Но Исаакян горячо согласился с цветаевским, вперед, как щит, выброшенным утверждением о том, что Бальмонт – «божьей милостью» поэт, однако определил его творчество скорее как импровизаторски-певческое (менестрель) – несмотря на изысканную завершенность формы многих его стихотворений, – чем поэтическое в современном смысле, подразумевающем работу, организующую стихию стиха. Стал вспоминать его в зените славы, с большой добротой расспрашивать о нынешнем его бедственном житье. И лишь под конец слукавил, заявив, что, когда бог создавал планету поэзии, то одних поэтов наделил сушей, а других – водой и, конечно же, для Бальмонта воды не пожалел. Впрочем – слукавил ли? Тут же добавил, что суша без воды – пустыня, а вода без суши, в конце концов – океан. Цветаевой понравилась исакяновская формула сотворения поэтического мира, и она впоследствии вспоминала ее и цитировала, находя чрезвычайно точной применительно к самой себе – не как к пустыне: к одинокой скале.
– Вот какие стихи я написала Бальмонту когда-то, – сказала она и прочла на память стихотворение, посвященное ему еще в России[29], и потом – на память же – мандельштамовскую «Соломинку», и еще несколько своих – ранних, блестящих, вольных, написанных в ту пору ее творчества, когда грозный бог поэзии еще не требовал от нее сжатости – той самой отжатости от лирической влаги – во имя предельной точности поэтической формулы – на самом крайнем острие человеческой правды.
Как они были красивы оба – он слушающий и она читающая – и как схожи в завершенности своего образа! Его изумительная крупная голова кавказца с орлиным носом и орлиным, спрятанным в стареющих грузных коричневых веках взором, его смуглая бледность, сила хребта и плеч под мешковатым сутулившим его пиджаком, крепость ладоней и нервность пальцев – и вековая усталость всего облика; и ее, все еще мальчишеская, все еще высоко занесенная головка с седеющими короткими, легкими волосами, с тонким, точным горбоносым профилем, четким ртом – и ее бледность – как при лунном свете, и внезапная распахнутость глаз – о, как она была безоружна и как обезоруживала, глядя в чужие глаза! – и ее, раз навсегда огрубевшие от быта руки, с бессменными серебряными кольцами, и египетская ее осанка!

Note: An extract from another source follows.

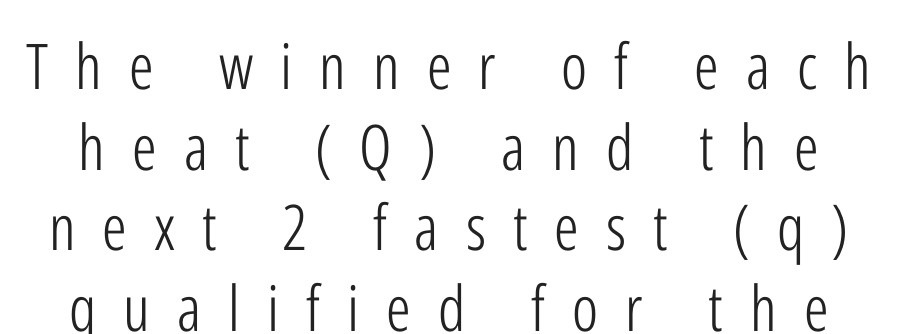
{"serif": "no", "italic": "no", "bold": "no", "weight": "light", "width": "condensed", "stroke_contrast": "low", "x_height": "medium", "monospaced": "no", "underline": "no", "line_spacing": "normal", "line_spacing_ratio": 1.28, "letter_spacing": "wide", "letter_spacing_em": 0.43, "glyph_px": 63}
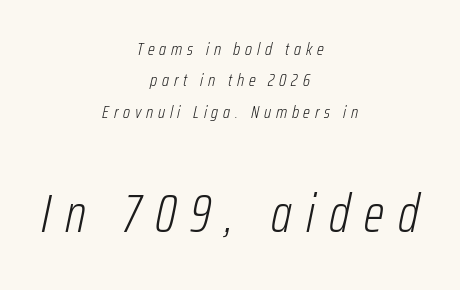
The image shows 53 px light, condensed type, italic (leaning right); set centered, line spacing 1.75x, unusually wide letter spacing (+0.27 em), not underlined; the second (bottom) block is 2.94x larger; low stroke contrast and a medium x-height.

Оба выглядели старше своих лет, оба были прекрасны. Потом, по ее настойчивой и ласковой просьбе читал он – на родном языке, который мы услышали в первый раз в жизни – читал стоя, из уважения к женщинам и к стихам – и все присутствовавшие, даже мы с моей подругой Ириной Лебедевой, девчонки, пронять которых в ту пору могло лишь недавно начавшее говорить и петь кино, – обомлели от звучания этого голоса, произносившего невнятные нам, запечатленные для нас слова, от звучания этих слов, после которых стало оглушающе-тихо, как после взрыва.
– Господи, да вы – настоящий горный поэт! – воскликнула Цветаева.
– Да и вас не назовешь равнинным поэтом! – ответил он.
Помню один краеугольный разговор того дня – о зримом и скрытом, начавшийся с какого-то пустячного «а видели ли вы…», – часть того непрерывного разговора о творчестве, который Цветаева вела сама с собой и с другими – вслух и молча – всю свою жизнь. У нее было особое свойство – постигать описываемое ею (явление, состояние, предмет) и описывать постигнутое – не от формы к существу, а, наоборот, из глубины, из сути – к поверхности («хочешь писать дерево – стань им!»). Перевоплощаясь в то, о чем, в того, о ком писала, становясь как бы сердцевиной своей темы, она переставала видеть ее «со стороны», так же, как мы не можем со стороны, без помощи зеркала, увидеть свое лицо, не переставая в то же время создавать его выражения и ощущать их изнутри. Это внутреннее видение она возводила в один из принципов своего творчества («чтобы под ви́ками рождались таинства») – и отрицала приемлемость для себя «обратного метода» – от внешнего к внутреннему. Она любила слово-смысл и слово-музыку, любила самою музыку, именно за их способность выражать чувства, и была глубоко равнодушна к искусствам, пытающимся проникнуть в них путем зримого их отображения. Этот путь казался ей вторичным, иллюстративным, ибо зримое уже существовало и внешний мир уже был сотворен – «Венера Милосская – плоть в мраморе. Джиоконда – лицо на холсте. Душу же в них вкладываем мы, глядящие мы, поэты. Причем – каждый свою».